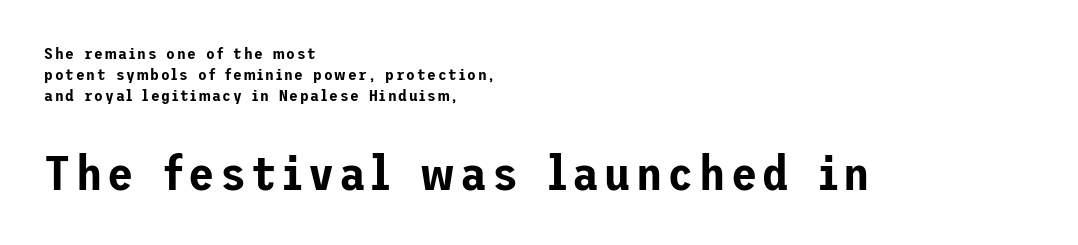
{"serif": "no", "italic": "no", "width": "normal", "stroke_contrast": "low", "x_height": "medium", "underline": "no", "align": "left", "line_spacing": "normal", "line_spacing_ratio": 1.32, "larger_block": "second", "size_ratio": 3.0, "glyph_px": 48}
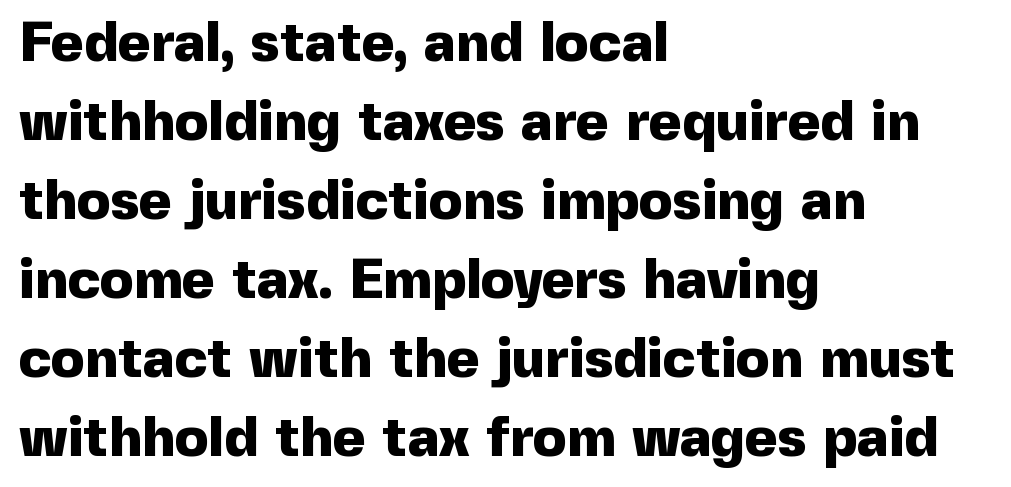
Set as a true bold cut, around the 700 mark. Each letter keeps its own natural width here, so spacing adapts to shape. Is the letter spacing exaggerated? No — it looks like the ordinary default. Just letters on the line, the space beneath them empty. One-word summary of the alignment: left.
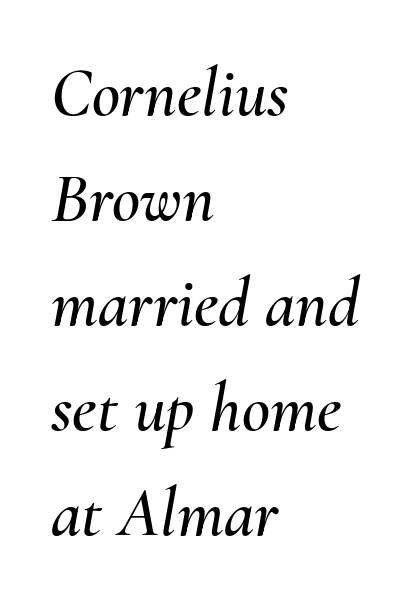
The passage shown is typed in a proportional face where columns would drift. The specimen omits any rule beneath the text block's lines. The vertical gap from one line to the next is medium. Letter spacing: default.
************
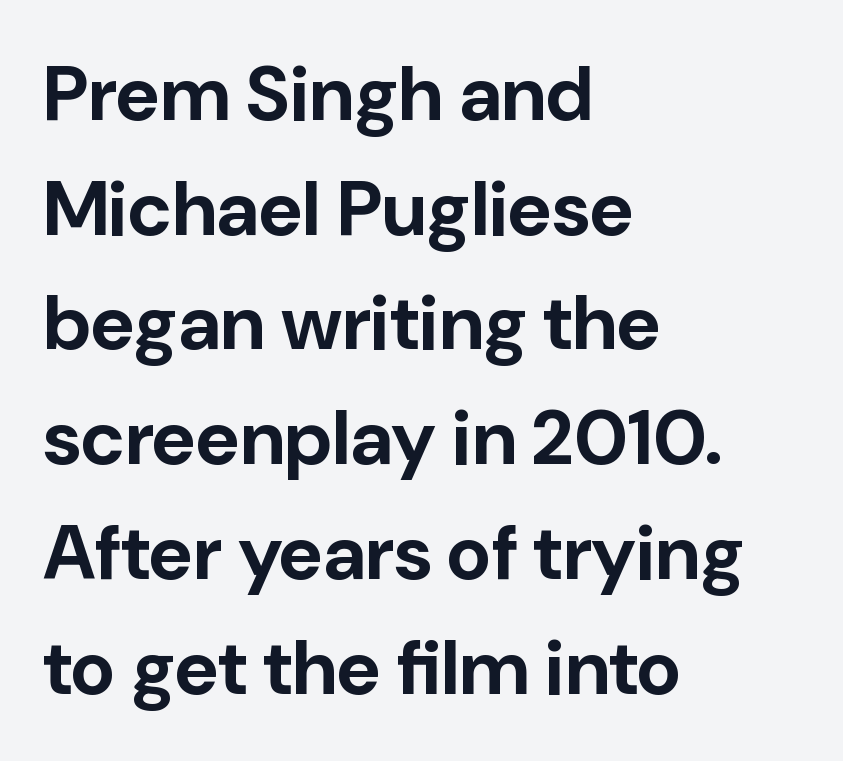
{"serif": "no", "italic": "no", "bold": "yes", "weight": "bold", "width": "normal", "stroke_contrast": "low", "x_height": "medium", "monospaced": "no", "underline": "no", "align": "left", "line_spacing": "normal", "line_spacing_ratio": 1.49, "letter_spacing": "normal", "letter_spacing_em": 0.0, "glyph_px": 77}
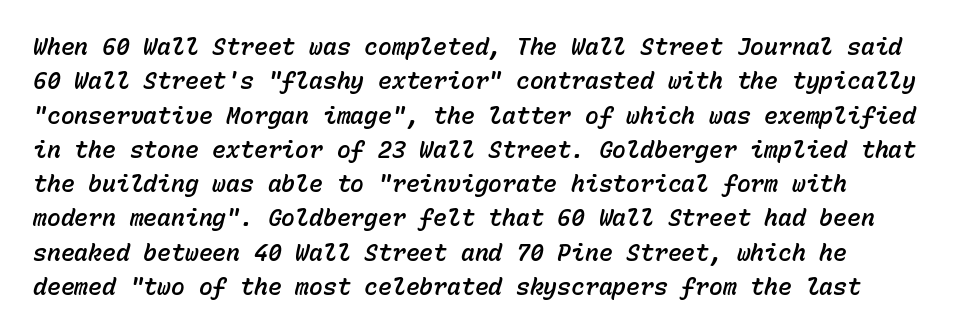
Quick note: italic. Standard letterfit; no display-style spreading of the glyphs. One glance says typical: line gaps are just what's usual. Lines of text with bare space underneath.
************
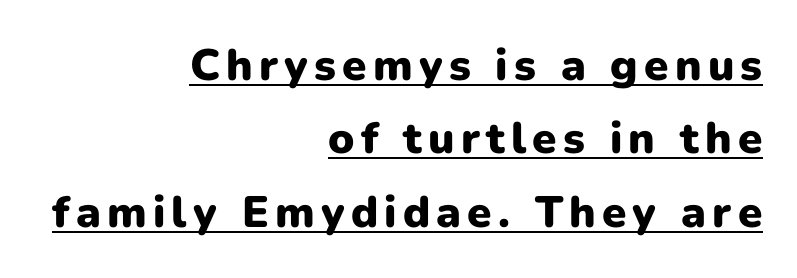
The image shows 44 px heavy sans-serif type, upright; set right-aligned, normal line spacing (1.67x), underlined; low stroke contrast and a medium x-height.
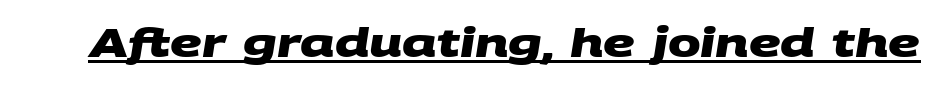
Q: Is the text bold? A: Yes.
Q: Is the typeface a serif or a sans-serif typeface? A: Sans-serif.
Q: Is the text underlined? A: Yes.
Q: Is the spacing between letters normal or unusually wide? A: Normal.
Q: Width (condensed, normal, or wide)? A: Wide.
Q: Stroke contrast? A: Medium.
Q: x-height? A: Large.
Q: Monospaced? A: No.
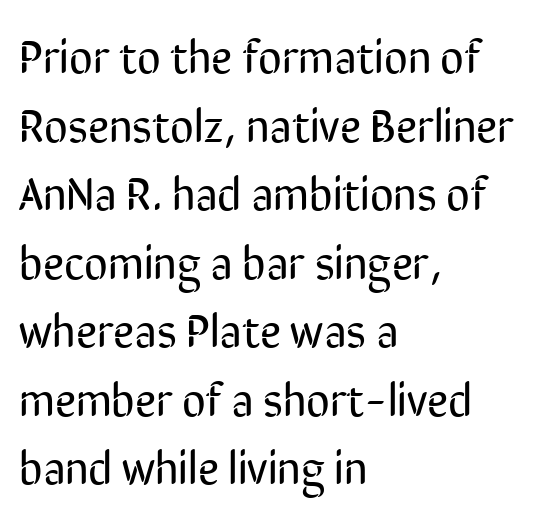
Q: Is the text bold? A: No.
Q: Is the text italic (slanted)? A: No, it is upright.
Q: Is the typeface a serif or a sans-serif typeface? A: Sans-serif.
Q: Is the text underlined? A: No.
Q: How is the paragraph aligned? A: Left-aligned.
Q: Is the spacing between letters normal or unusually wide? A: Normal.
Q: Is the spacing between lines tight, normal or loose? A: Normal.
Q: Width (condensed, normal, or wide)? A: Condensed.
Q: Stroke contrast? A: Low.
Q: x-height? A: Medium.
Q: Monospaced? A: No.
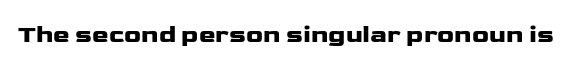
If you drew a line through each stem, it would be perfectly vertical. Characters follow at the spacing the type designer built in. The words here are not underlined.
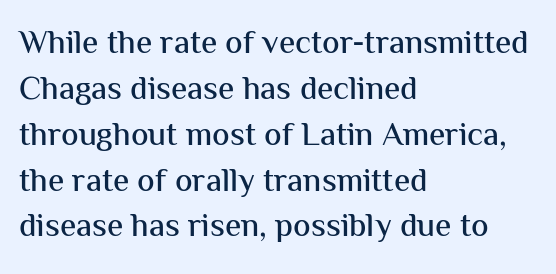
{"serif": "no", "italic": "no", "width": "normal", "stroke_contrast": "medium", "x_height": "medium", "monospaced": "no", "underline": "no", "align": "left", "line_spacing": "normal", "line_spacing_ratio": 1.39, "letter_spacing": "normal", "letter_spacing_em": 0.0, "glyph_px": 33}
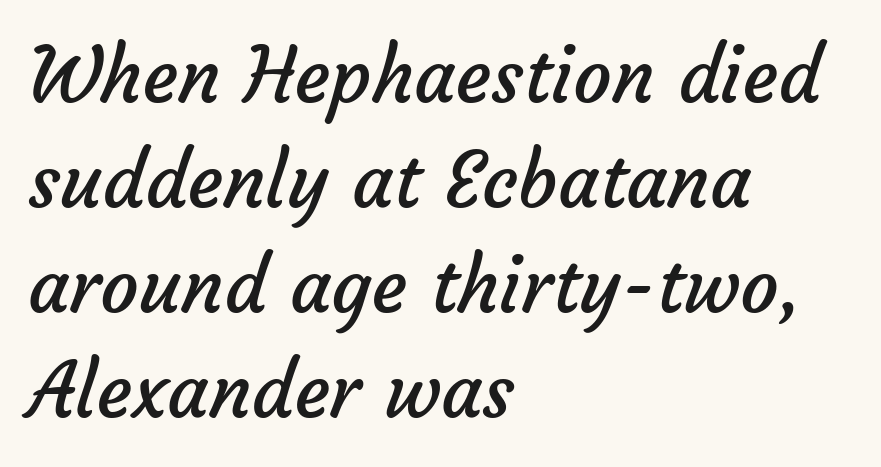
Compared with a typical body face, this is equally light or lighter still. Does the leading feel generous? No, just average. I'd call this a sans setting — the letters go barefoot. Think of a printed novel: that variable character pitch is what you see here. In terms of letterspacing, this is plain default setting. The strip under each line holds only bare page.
************
**Problem description**
Lines wanted from the entries above: the one with "Q: Is the spacing between lines", the one with "Compared with a", and all lines between. Please copy them exactly, without the pictures and without anything else.

**Written response**
Q: Is the spacing between lines tight, normal or loose? A: Normal.
Q: Width (condensed, normal, or wide)? A: Condensed.
Q: Stroke contrast? A: Low.
Q: x-height? A: Medium.
Q: Monospaced? A: No.
If you drew a line through each stem, it would be perfectly vertical. Characters follow at the spacing the type designer built in. The words here are not underlined.
{"serif": "no", "italic": "no", "width": "normal", "stroke_contrast": "medium", "x_height": "medium", "monospaced": "no", "underline": "no", "align": "left", "line_spacing": "normal", "line_spacing_ratio": 1.39, "letter_spacing": "normal", "letter_spacing_em": 0.0, "glyph_px": 33}
Compared with a typical body face, this is equally light or lighter still. Does the leading feel generous? No, just average. I'd call this a sans setting — the letters go barefoot. Think of a printed novel: that variable character pitch is what you see here. In terms of letterspacing, this is plain default setting. The strip under each line holds only bare page.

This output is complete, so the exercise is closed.